▶ Work to be completed
Reproduce the entries below, please. Keep every character the same.
Material for the task below:
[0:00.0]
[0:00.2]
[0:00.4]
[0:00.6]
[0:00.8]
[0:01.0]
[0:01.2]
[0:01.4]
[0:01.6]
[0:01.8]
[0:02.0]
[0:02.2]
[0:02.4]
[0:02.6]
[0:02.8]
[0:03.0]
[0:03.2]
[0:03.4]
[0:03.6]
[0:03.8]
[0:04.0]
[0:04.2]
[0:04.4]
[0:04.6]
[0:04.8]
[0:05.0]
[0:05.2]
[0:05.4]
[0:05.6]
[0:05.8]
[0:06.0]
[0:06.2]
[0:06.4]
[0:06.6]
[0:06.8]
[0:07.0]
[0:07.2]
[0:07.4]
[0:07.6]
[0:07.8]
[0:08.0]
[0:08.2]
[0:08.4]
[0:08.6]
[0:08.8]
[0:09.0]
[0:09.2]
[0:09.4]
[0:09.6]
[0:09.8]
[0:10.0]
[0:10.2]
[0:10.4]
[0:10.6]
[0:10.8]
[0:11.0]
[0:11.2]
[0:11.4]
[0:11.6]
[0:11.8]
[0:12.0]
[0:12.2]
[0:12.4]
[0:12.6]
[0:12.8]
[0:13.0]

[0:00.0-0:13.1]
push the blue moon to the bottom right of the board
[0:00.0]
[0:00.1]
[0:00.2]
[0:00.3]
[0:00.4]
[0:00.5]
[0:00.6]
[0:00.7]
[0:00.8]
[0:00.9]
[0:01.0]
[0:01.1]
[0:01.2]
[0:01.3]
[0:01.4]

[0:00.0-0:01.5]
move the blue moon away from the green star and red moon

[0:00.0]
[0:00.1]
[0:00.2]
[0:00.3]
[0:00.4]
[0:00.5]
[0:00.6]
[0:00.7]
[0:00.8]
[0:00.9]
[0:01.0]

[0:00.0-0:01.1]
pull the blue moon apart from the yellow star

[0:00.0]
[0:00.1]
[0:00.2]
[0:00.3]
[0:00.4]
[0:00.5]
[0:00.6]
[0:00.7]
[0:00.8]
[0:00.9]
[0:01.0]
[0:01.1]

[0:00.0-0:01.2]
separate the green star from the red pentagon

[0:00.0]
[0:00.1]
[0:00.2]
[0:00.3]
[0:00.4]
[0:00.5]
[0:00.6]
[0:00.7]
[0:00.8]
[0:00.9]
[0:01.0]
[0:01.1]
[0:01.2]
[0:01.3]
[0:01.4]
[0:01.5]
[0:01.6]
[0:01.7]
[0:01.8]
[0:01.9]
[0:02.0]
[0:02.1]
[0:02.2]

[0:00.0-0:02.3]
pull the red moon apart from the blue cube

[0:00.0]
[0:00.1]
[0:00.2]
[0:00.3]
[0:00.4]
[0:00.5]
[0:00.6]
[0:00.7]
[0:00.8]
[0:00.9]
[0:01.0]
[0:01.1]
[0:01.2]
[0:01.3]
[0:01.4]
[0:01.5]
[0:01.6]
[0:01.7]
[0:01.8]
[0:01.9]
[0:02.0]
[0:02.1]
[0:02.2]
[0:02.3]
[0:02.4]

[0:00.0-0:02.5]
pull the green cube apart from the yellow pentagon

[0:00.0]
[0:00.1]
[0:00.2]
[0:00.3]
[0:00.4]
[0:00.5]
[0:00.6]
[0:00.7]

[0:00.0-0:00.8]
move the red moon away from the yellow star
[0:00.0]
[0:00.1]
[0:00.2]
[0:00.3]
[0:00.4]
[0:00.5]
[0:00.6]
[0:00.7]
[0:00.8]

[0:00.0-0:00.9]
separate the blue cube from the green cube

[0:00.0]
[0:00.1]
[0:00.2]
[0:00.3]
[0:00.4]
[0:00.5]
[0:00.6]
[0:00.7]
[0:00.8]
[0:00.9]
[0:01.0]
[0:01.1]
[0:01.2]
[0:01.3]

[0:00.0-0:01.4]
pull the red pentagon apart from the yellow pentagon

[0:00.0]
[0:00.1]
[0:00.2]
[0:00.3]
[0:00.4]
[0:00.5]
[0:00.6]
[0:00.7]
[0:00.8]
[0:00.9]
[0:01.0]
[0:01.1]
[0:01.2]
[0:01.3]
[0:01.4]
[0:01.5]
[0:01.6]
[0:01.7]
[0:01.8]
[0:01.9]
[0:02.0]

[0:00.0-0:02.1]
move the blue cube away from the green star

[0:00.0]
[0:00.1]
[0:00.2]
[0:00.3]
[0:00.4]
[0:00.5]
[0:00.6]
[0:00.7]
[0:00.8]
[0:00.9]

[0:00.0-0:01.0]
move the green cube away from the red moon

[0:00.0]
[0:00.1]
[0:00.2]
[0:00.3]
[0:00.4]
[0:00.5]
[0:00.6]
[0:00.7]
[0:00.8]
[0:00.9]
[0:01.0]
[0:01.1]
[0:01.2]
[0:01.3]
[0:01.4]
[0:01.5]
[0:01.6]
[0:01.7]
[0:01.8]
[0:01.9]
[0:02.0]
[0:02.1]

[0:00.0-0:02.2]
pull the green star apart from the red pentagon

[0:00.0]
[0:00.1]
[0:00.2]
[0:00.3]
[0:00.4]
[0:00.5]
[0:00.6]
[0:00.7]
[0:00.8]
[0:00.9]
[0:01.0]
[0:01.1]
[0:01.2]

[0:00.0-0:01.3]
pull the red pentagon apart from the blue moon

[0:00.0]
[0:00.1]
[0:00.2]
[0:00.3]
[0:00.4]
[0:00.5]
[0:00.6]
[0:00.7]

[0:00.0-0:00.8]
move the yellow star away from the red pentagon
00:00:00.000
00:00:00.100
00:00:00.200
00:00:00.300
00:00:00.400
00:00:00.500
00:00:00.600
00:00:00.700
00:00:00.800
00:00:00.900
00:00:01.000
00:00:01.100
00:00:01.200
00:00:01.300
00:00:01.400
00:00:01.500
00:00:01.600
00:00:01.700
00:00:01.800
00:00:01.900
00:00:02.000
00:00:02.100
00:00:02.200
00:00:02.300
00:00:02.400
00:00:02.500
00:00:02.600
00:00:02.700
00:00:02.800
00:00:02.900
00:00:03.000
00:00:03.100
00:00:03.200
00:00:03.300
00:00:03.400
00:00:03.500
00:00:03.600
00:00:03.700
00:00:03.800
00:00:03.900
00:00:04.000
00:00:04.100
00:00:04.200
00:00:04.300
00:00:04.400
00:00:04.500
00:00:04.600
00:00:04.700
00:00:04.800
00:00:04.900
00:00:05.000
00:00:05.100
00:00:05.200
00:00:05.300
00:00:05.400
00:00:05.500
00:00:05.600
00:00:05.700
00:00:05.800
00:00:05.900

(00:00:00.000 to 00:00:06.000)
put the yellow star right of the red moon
End of Material for the task.
▶ Written response
[0:00.0]
[0:00.2]
[0:00.4]
[0:00.6]
[0:00.8]
[0:01.0]
[0:01.2]
[0:01.4]
[0:01.6]
[0:01.8]
[0:02.0]
[0:02.2]
[0:02.4]
[0:02.6]
[0:02.8]
[0:03.0]
[0:03.2]
[0:03.4]
[0:03.6]
[0:03.8]
[0:04.0]
[0:04.2]
[0:04.4]
[0:04.6]
[0:04.8]
[0:05.0]
[0:05.2]
[0:05.4]
[0:05.6]
[0:05.8]
[0:06.0]
[0:06.2]
[0:06.4]
[0:06.6]
[0:06.8]
[0:07.0]
[0:07.2]
[0:07.4]
[0:07.6]
[0:07.8]
[0:08.0]
[0:08.2]
[0:08.4]
[0:08.6]
[0:08.8]
[0:09.0]
[0:09.2]
[0:09.4]
[0:09.6]
[0:09.8]
[0:10.0]
[0:10.2]
[0:10.4]
[0:10.6]
[0:10.8]
[0:11.0]
[0:11.2]
[0:11.4]
[0:11.6]
[0:11.8]
[0:12.0]
[0:12.2]
[0:12.4]
[0:12.6]
[0:12.8]
[0:13.0]

[0:00.0-0:13.1]
push the blue moon to the bottom right of the board
[0:00.0]
[0:00.1]
[0:00.2]
[0:00.3]
[0:00.4]
[0:00.5]
[0:00.6]
[0:00.7]
[0:00.8]
[0:00.9]
[0:01.0]
[0:01.1]
[0:01.2]
[0:01.3]
[0:01.4]

[0:00.0-0:01.5]
move the blue moon away from the green star and red moon

[0:00.0]
[0:00.1]
[0:00.2]
[0:00.3]
[0:00.4]
[0:00.5]
[0:00.6]
[0:00.7]
[0:00.8]
[0:00.9]
[0:01.0]

[0:00.0-0:01.1]
pull the blue moon apart from the yellow star

[0:00.0]
[0:00.1]
[0:00.2]
[0:00.3]
[0:00.4]
[0:00.5]
[0:00.6]
[0:00.7]
[0:00.8]
[0:00.9]
[0:01.0]
[0:01.1]

[0:00.0-0:01.2]
separate the green star from the red pentagon

[0:00.0]
[0:00.1]
[0:00.2]
[0:00.3]
[0:00.4]
[0:00.5]
[0:00.6]
[0:00.7]
[0:00.8]
[0:00.9]
[0:01.0]
[0:01.1]
[0:01.2]
[0:01.3]
[0:01.4]
[0:01.5]
[0:01.6]
[0:01.7]
[0:01.8]
[0:01.9]
[0:02.0]
[0:02.1]
[0:02.2]

[0:00.0-0:02.3]
pull the red moon apart from the blue cube

[0:00.0]
[0:00.1]
[0:00.2]
[0:00.3]
[0:00.4]
[0:00.5]
[0:00.6]
[0:00.7]
[0:00.8]
[0:00.9]
[0:01.0]
[0:01.1]
[0:01.2]
[0:01.3]
[0:01.4]
[0:01.5]
[0:01.6]
[0:01.7]
[0:01.8]
[0:01.9]
[0:02.0]
[0:02.1]
[0:02.2]
[0:02.3]
[0:02.4]

[0:00.0-0:02.5]
pull the green cube apart from the yellow pentagon

[0:00.0]
[0:00.1]
[0:00.2]
[0:00.3]
[0:00.4]
[0:00.5]
[0:00.6]
[0:00.7]

[0:00.0-0:00.8]
move the red moon away from the yellow star
[0:00.0]
[0:00.1]
[0:00.2]
[0:00.3]
[0:00.4]
[0:00.5]
[0:00.6]
[0:00.7]
[0:00.8]

[0:00.0-0:00.9]
separate the blue cube from the green cube

[0:00.0]
[0:00.1]
[0:00.2]
[0:00.3]
[0:00.4]
[0:00.5]
[0:00.6]
[0:00.7]
[0:00.8]
[0:00.9]
[0:01.0]
[0:01.1]
[0:01.2]
[0:01.3]

[0:00.0-0:01.4]
pull the red pentagon apart from the yellow pentagon

[0:00.0]
[0:00.1]
[0:00.2]
[0:00.3]
[0:00.4]
[0:00.5]
[0:00.6]
[0:00.7]
[0:00.8]
[0:00.9]
[0:01.0]
[0:01.1]
[0:01.2]
[0:01.3]
[0:01.4]
[0:01.5]
[0:01.6]
[0:01.7]
[0:01.8]
[0:01.9]
[0:02.0]

[0:00.0-0:02.1]
move the blue cube away from the green star

[0:00.0]
[0:00.1]
[0:00.2]
[0:00.3]
[0:00.4]
[0:00.5]
[0:00.6]
[0:00.7]
[0:00.8]
[0:00.9]

[0:00.0-0:01.0]
move the green cube away from the red moon

[0:00.0]
[0:00.1]
[0:00.2]
[0:00.3]
[0:00.4]
[0:00.5]
[0:00.6]
[0:00.7]
[0:00.8]
[0:00.9]
[0:01.0]
[0:01.1]
[0:01.2]
[0:01.3]
[0:01.4]
[0:01.5]
[0:01.6]
[0:01.7]
[0:01.8]
[0:01.9]
[0:02.0]
[0:02.1]

[0:00.0-0:02.2]
pull the green star apart from the red pentagon

[0:00.0]
[0:00.1]
[0:00.2]
[0:00.3]
[0:00.4]
[0:00.5]
[0:00.6]
[0:00.7]
[0:00.8]
[0:00.9]
[0:01.0]
[0:01.1]
[0:01.2]

[0:00.0-0:01.3]
pull the red pentagon apart from the blue moon

[0:00.0]
[0:00.1]
[0:00.2]
[0:00.3]
[0:00.4]
[0:00.5]
[0:00.6]
[0:00.7]

[0:00.0-0:00.8]
move the yellow star away from the red pentagon
00:00:00.000
00:00:00.100
00:00:00.200
00:00:00.300
00:00:00.400
00:00:00.500
00:00:00.600
00:00:00.700
00:00:00.800
00:00:00.900
00:00:01.000
00:00:01.100
00:00:01.200
00:00:01.300
00:00:01.400
00:00:01.500
00:00:01.600
00:00:01.700
00:00:01.800
00:00:01.900
00:00:02.000
00:00:02.100
00:00:02.200
00:00:02.300
00:00:02.400
00:00:02.500
00:00:02.600
00:00:02.700
00:00:02.800
00:00:02.900
00:00:03.000
00:00:03.100
00:00:03.200
00:00:03.300
00:00:03.400
00:00:03.500
00:00:03.600
00:00:03.700
00:00:03.800
00:00:03.900
00:00:04.000
00:00:04.100
00:00:04.200
00:00:04.300
00:00:04.400
00:00:04.500
00:00:04.600
00:00:04.700
00:00:04.800
00:00:04.900
00:00:05.000
00:00:05.100
00:00:05.200
00:00:05.300
00:00:05.400
00:00:05.500
00:00:05.600
00:00:05.700
00:00:05.800
00:00:05.900

(00:00:00.000 to 00:00:06.000)
put the yellow star right of the red moon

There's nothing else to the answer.